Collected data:
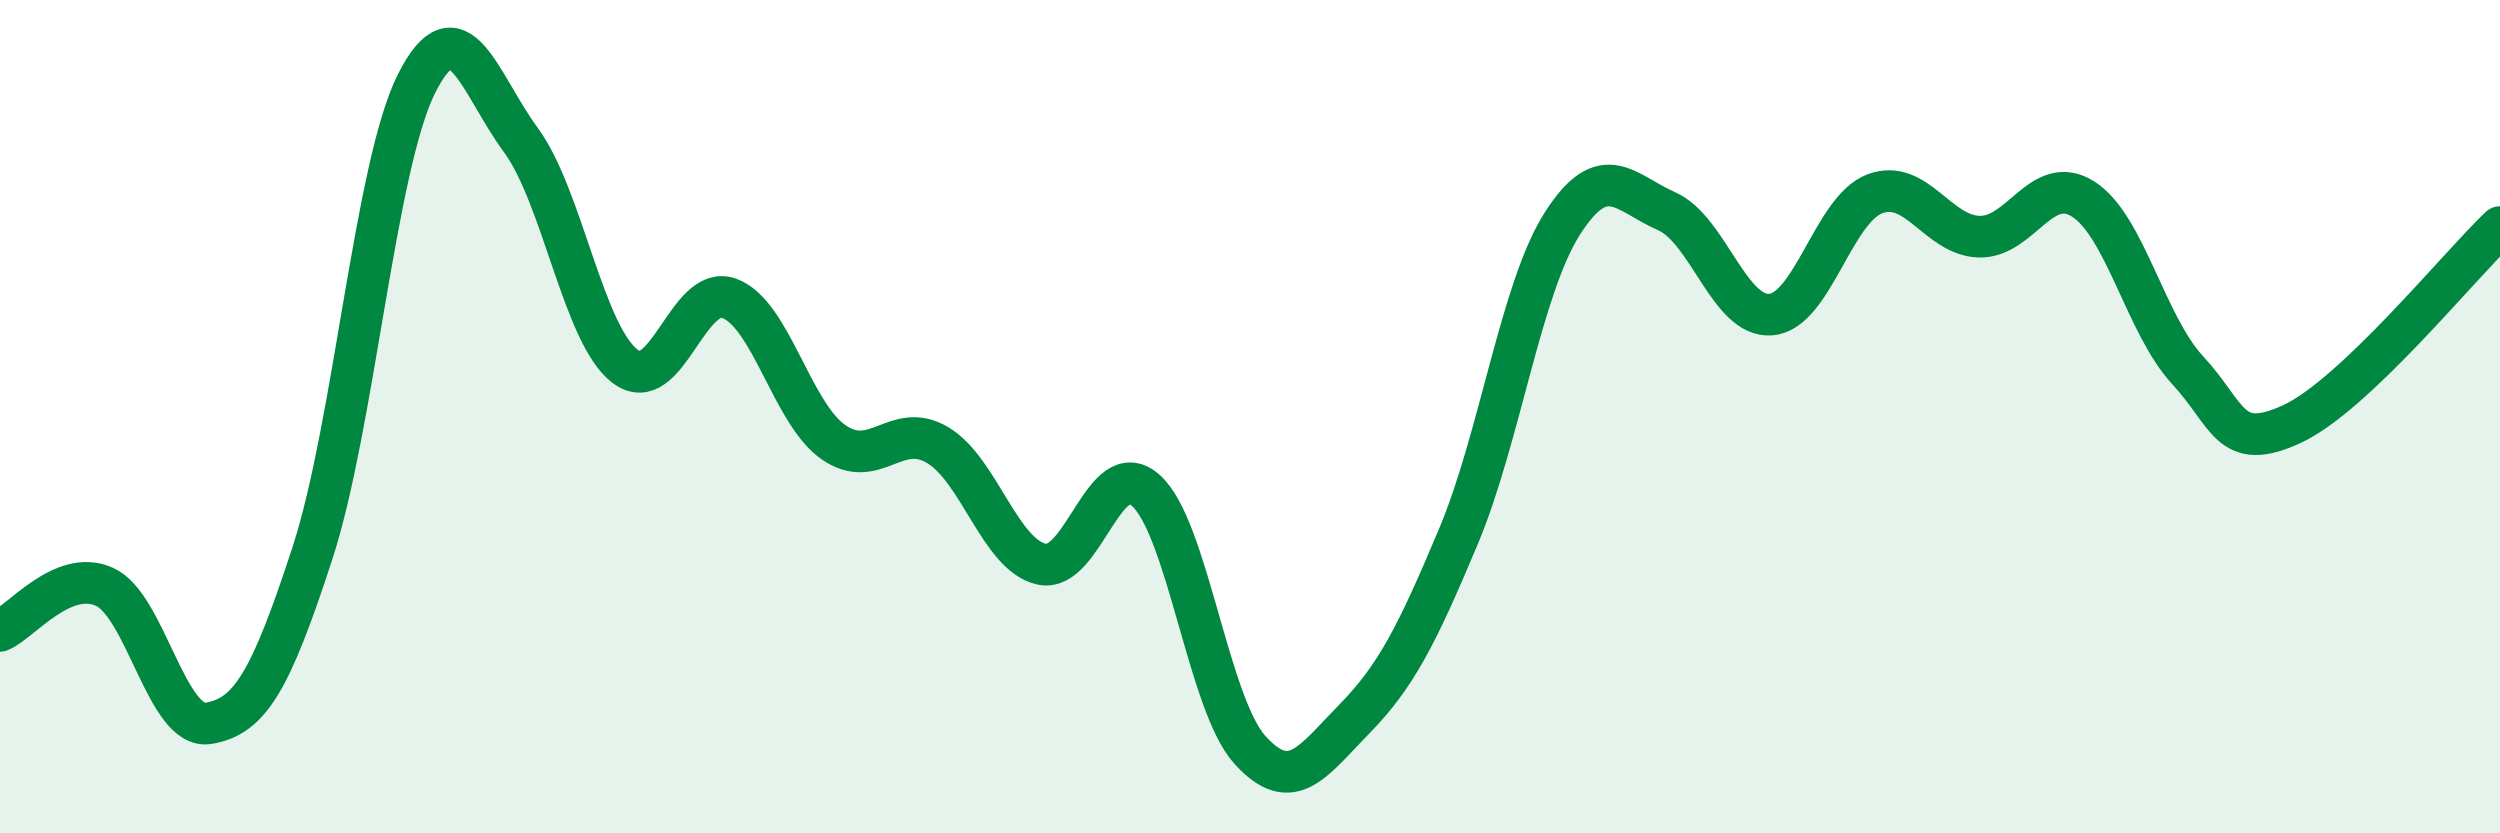 
    <svg width="60" height="20" viewBox="0 0 60 20" xmlns="http://www.w3.org/2000/svg">
      <path
        d="M 0,15.14 C 0.5,14.93 1.5,13.64 2.5,14.08 C 3.5,14.52 4,17.52 5,17.36 C 6,17.2 6.5,16.34 7.5,13.27 C 8.5,10.2 9,3.98 10,2 C 11,0.02 11.5,2 12.5,3.36 C 13.5,4.72 14,8.03 15,8.79 C 16,9.55 16.5,6.8 17.5,7.16 C 18.5,7.52 19,9.91 20,10.61 C 21,11.31 21.5,10.09 22.5,10.68 C 23.5,11.27 24,13.32 25,13.54 C 26,13.76 26.5,10.88 27.5,11.77 C 28.5,12.66 29,16.9 30,18 C 31,19.1 31.5,18.28 32.5,17.26 C 33.5,16.24 34,15.26 35,12.88 C 36,10.5 36.5,6.92 37.5,5.36 C 38.5,3.8 39,4.63 40,5.07 C 41,5.51 41.5,7.63 42.5,7.55 C 43.5,7.47 44,5.02 45,4.65 C 46,4.28 46.5,5.65 47.5,5.68 C 48.5,5.71 49,4.14 50,4.78 C 51,5.42 51.5,7.8 52.5,8.88 C 53.5,9.96 53.5,10.87 55,10.18 C 56.5,9.49 59,6.4 60,5.45L60 20L0 20Z"
        fill="#008740"
        opacity="0.1"
        stroke-linecap="round"
        stroke-linejoin="round"
      />
      <path
        d="M 0,15.14 C 0.5,14.93 1.5,13.64 2.5,14.08 C 3.5,14.52 4,17.52 5,17.36 C 6,17.2 6.5,16.34 7.5,13.27 C 8.5,10.2 9,3.98 10,2 C 11,0.02 11.5,2 12.5,3.36 C 13.5,4.72 14,8.03 15,8.79 C 16,9.55 16.5,6.8 17.5,7.16 C 18.5,7.52 19,9.91 20,10.61 C 21,11.31 21.5,10.09 22.5,10.68 C 23.5,11.27 24,13.32 25,13.54 C 26,13.76 26.5,10.88 27.5,11.77 C 28.5,12.66 29,16.9 30,18 C 31,19.1 31.5,18.28 32.5,17.26 C 33.5,16.24 34,15.26 35,12.88 C 36,10.5 36.5,6.92 37.5,5.36 C 38.5,3.8 39,4.63 40,5.07 C 41,5.51 41.5,7.63 42.5,7.55 C 43.5,7.47 44,5.02 45,4.65 C 46,4.28 46.5,5.65 47.5,5.68 C 48.5,5.71 49,4.14 50,4.78 C 51,5.42 51.5,7.8 52.5,8.88 C 53.5,9.96 53.5,10.87 55,10.18 C 56.5,9.49 59,6.4 60,5.45"
        stroke="#008740"
        stroke-width="1"
        fill="none"
        stroke-linecap="round"
        stroke-linejoin="round"
      />
    </svg>
  
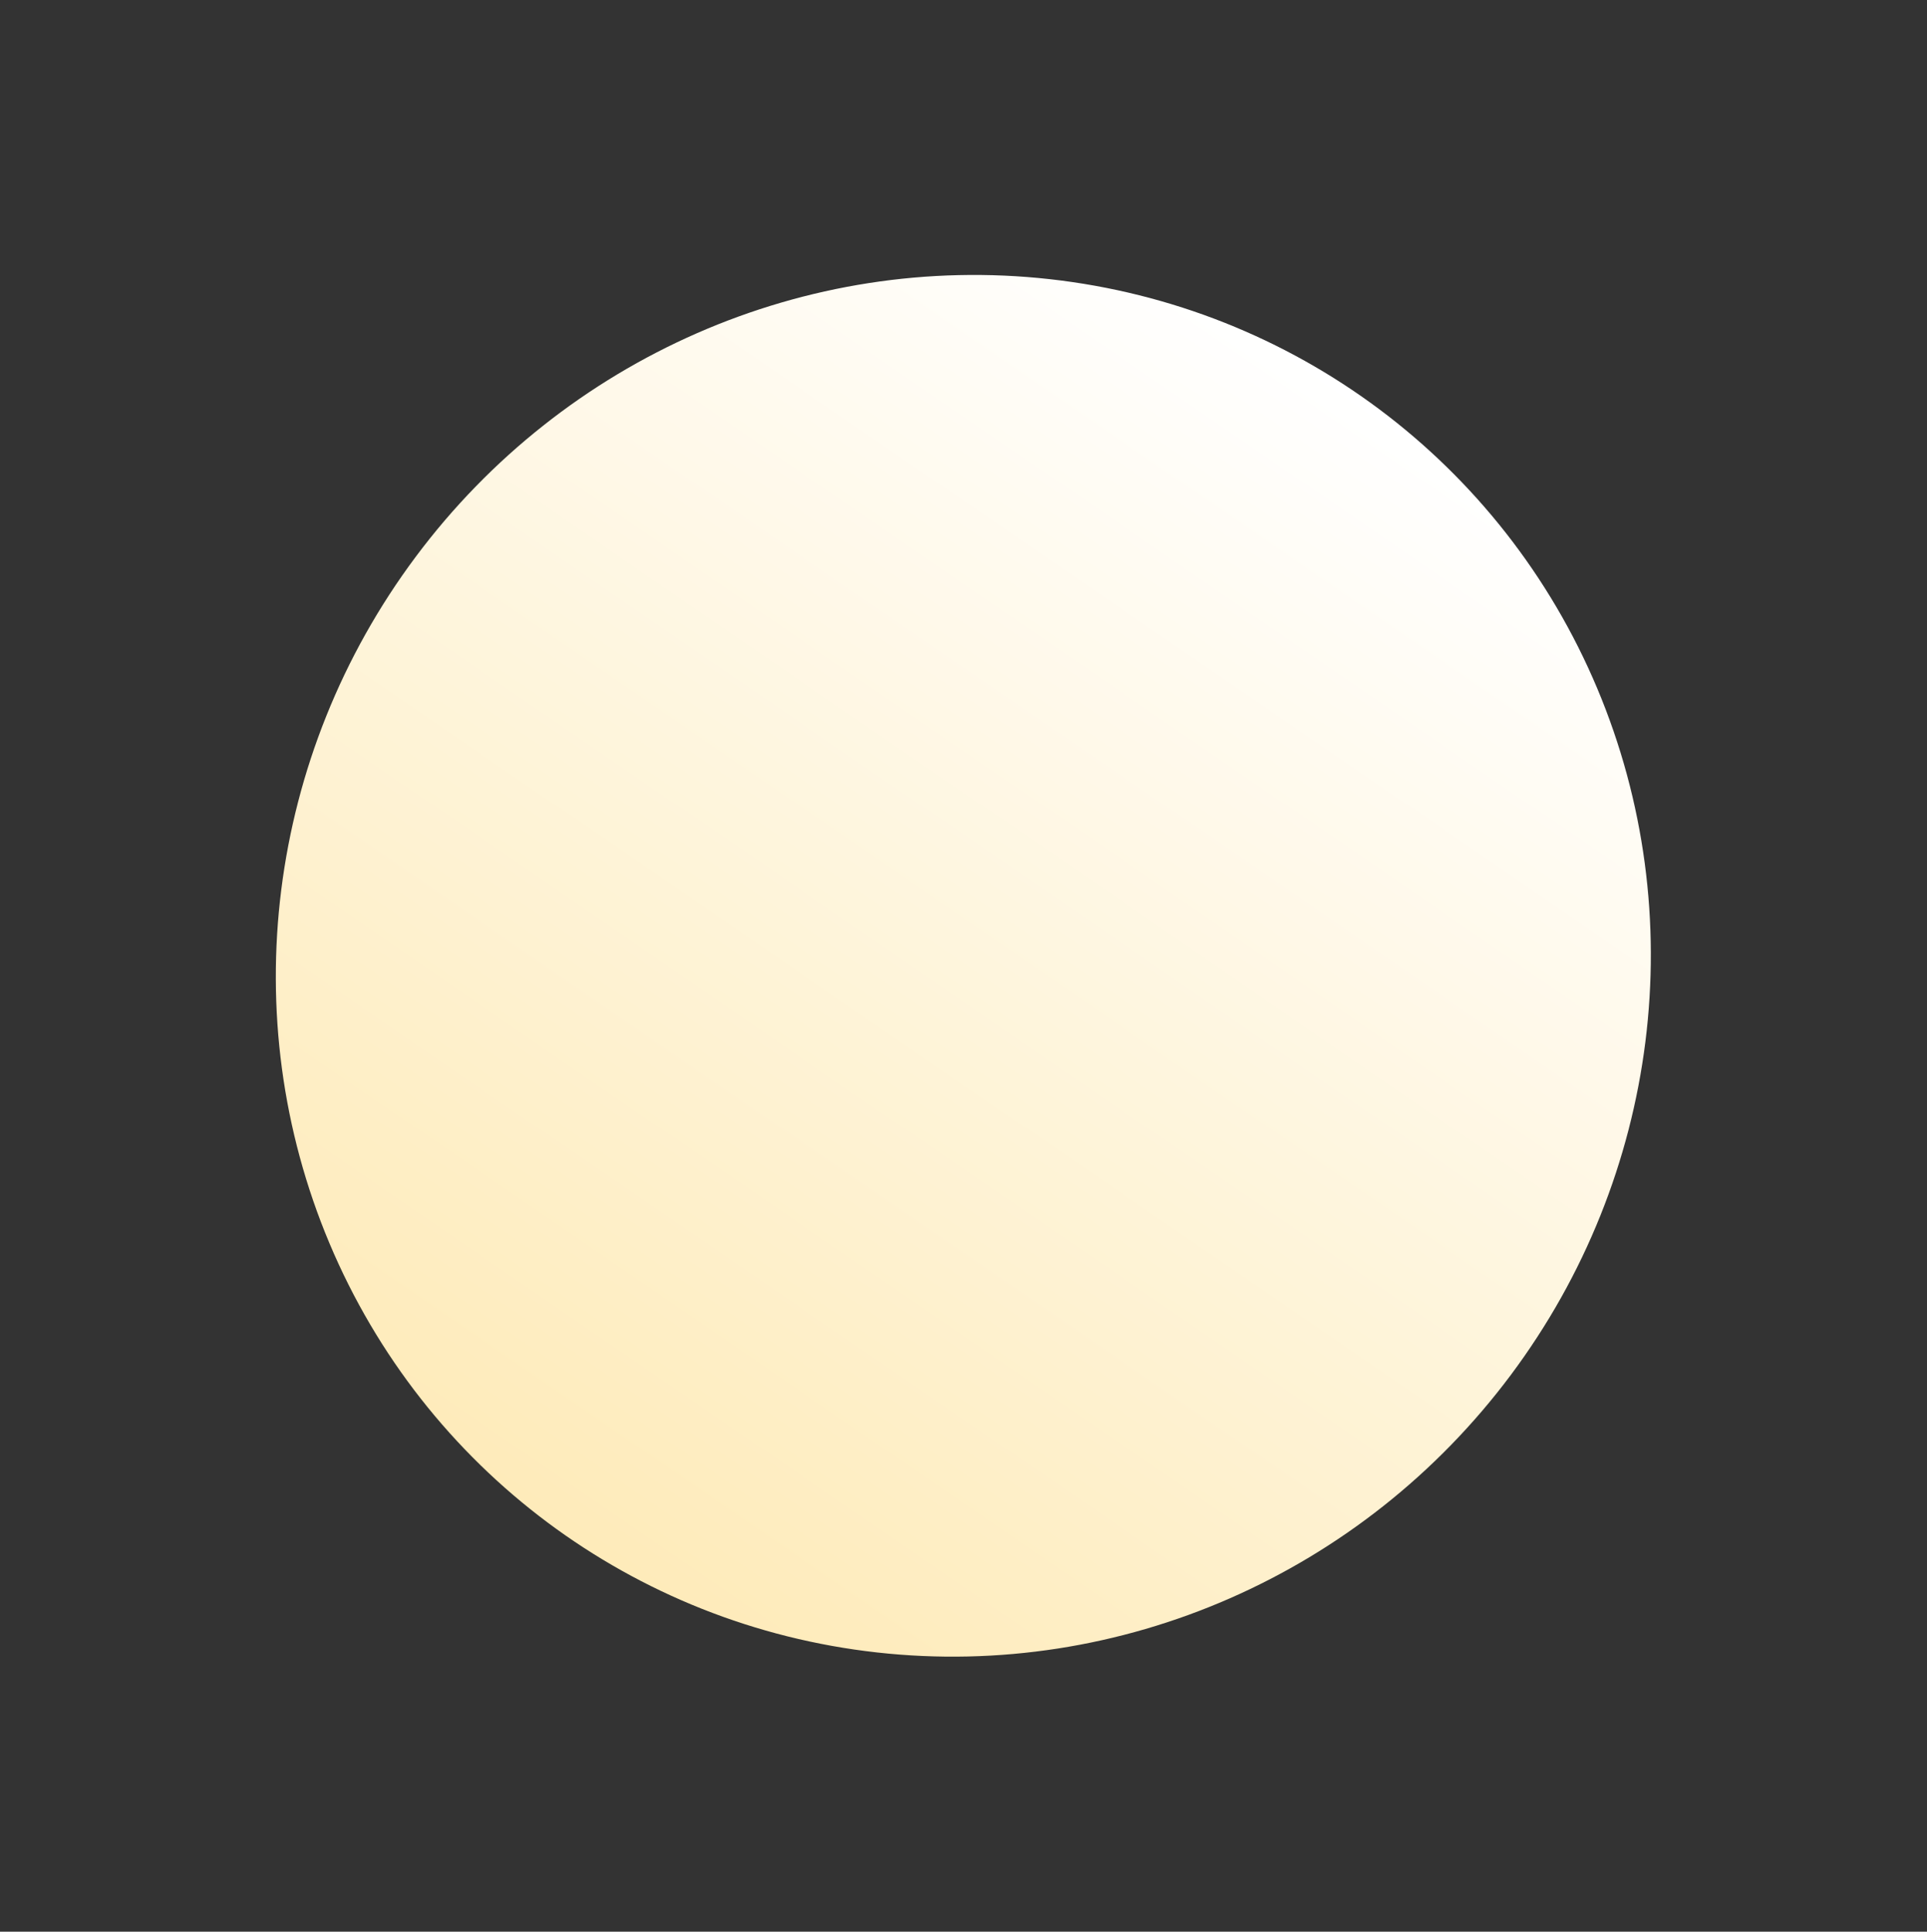 <svg width="446" height="447" viewBox="0 0 446 447" fill="none" xmlns="http://www.w3.org/2000/svg">
<rect x="0" y="0" width="446" height="447" fill="#333333" stroke="none"/>
<ellipse cx="222.961" cy="223.49" rx="158.182" ry="160.793" transform="rotate(-143.232 222.961 223.49)" fill="url(#paint0_linear)"/>
<defs>
<linearGradient id="paint0_linear" x1="181.309" y1="-635.678" x2="222.961" y2="384.283" gradientUnits="userSpaceOnUse">
<stop stop-color="#FBBF23"/>
<stop offset="1" stop-color="white"/>
</linearGradient>
</defs>
</svg>

— Work instruction —
This exercise calls for the records to be given again exactly, without the images.

— Answer to the exercise —
    <svg width="60" height="20" viewBox="0 0 60 20" xmlns="http://www.w3.org/2000/svg">
      <path
        d="M 0,15.14 C 0.5,14.93 1.5,13.64 2.5,14.08 C 3.5,14.52 4,17.52 5,17.36 C 6,17.2 6.5,16.34 7.5,13.27 C 8.5,10.2 9,3.98 10,2 C 11,0.02 11.5,2 12.5,3.36 C 13.5,4.72 14,8.03 15,8.79 C 16,9.55 16.5,6.8 17.5,7.16 C 18.5,7.52 19,9.91 20,10.61 C 21,11.31 21.5,10.09 22.5,10.68 C 23.5,11.27 24,13.32 25,13.54 C 26,13.76 26.5,10.88 27.5,11.77 C 28.5,12.66 29,16.9 30,18 C 31,19.1 31.5,18.28 32.5,17.26 C 33.5,16.24 34,15.26 35,12.88 C 36,10.5 36.5,6.92 37.5,5.36 C 38.5,3.8 39,4.63 40,5.07 C 41,5.51 41.5,7.63 42.5,7.55 C 43.5,7.47 44,5.02 45,4.65 C 46,4.28 46.5,5.65 47.5,5.68 C 48.5,5.71 49,4.14 50,4.78 C 51,5.42 51.5,7.8 52.5,8.88 C 53.5,9.96 53.5,10.87 55,10.18 C 56.5,9.49 59,6.4 60,5.45L60 20L0 20Z"
        fill="#008740"
        opacity="0.1"
        stroke-linecap="round"
        stroke-linejoin="round"
      />
      <path
        d="M 0,15.14 C 0.5,14.93 1.5,13.64 2.5,14.08 C 3.5,14.52 4,17.52 5,17.36 C 6,17.2 6.5,16.34 7.5,13.27 C 8.5,10.2 9,3.98 10,2 C 11,0.02 11.5,2 12.5,3.36 C 13.5,4.72 14,8.03 15,8.79 C 16,9.55 16.5,6.8 17.5,7.16 C 18.5,7.52 19,9.91 20,10.61 C 21,11.31 21.5,10.09 22.5,10.68 C 23.5,11.27 24,13.32 25,13.54 C 26,13.76 26.5,10.88 27.5,11.77 C 28.5,12.66 29,16.9 30,18 C 31,19.1 31.5,18.28 32.5,17.26 C 33.5,16.24 34,15.26 35,12.88 C 36,10.5 36.5,6.92 37.5,5.36 C 38.5,3.8 39,4.63 40,5.07 C 41,5.51 41.5,7.63 42.5,7.55 C 43.5,7.47 44,5.02 45,4.65 C 46,4.28 46.5,5.65 47.5,5.68 C 48.5,5.71 49,4.14 50,4.78 C 51,5.42 51.5,7.8 52.5,8.88 C 53.5,9.96 53.5,10.87 55,10.18 C 56.5,9.49 59,6.4 60,5.45"
        stroke="#008740"
        stroke-width="1"
        fill="none"
        stroke-linecap="round"
        stroke-linejoin="round"
      />
    </svg>
  
 <svg width="446" height="447" viewBox="0 0 446 447" fill="none" xmlns="http://www.w3.org/2000/svg">
<rect x="0" y="0" width="446" height="447" fill="#333333" stroke="none"/>
<ellipse cx="222.961" cy="223.49" rx="158.182" ry="160.793" transform="rotate(-143.232 222.961 223.49)" fill="url(#paint0_linear)"/>
<defs>
<linearGradient id="paint0_linear" x1="181.309" y1="-635.678" x2="222.961" y2="384.283" gradientUnits="userSpaceOnUse">
<stop stop-color="#FBBF23"/>
<stop offset="1" stop-color="white"/>
</linearGradient>
</defs>
</svg>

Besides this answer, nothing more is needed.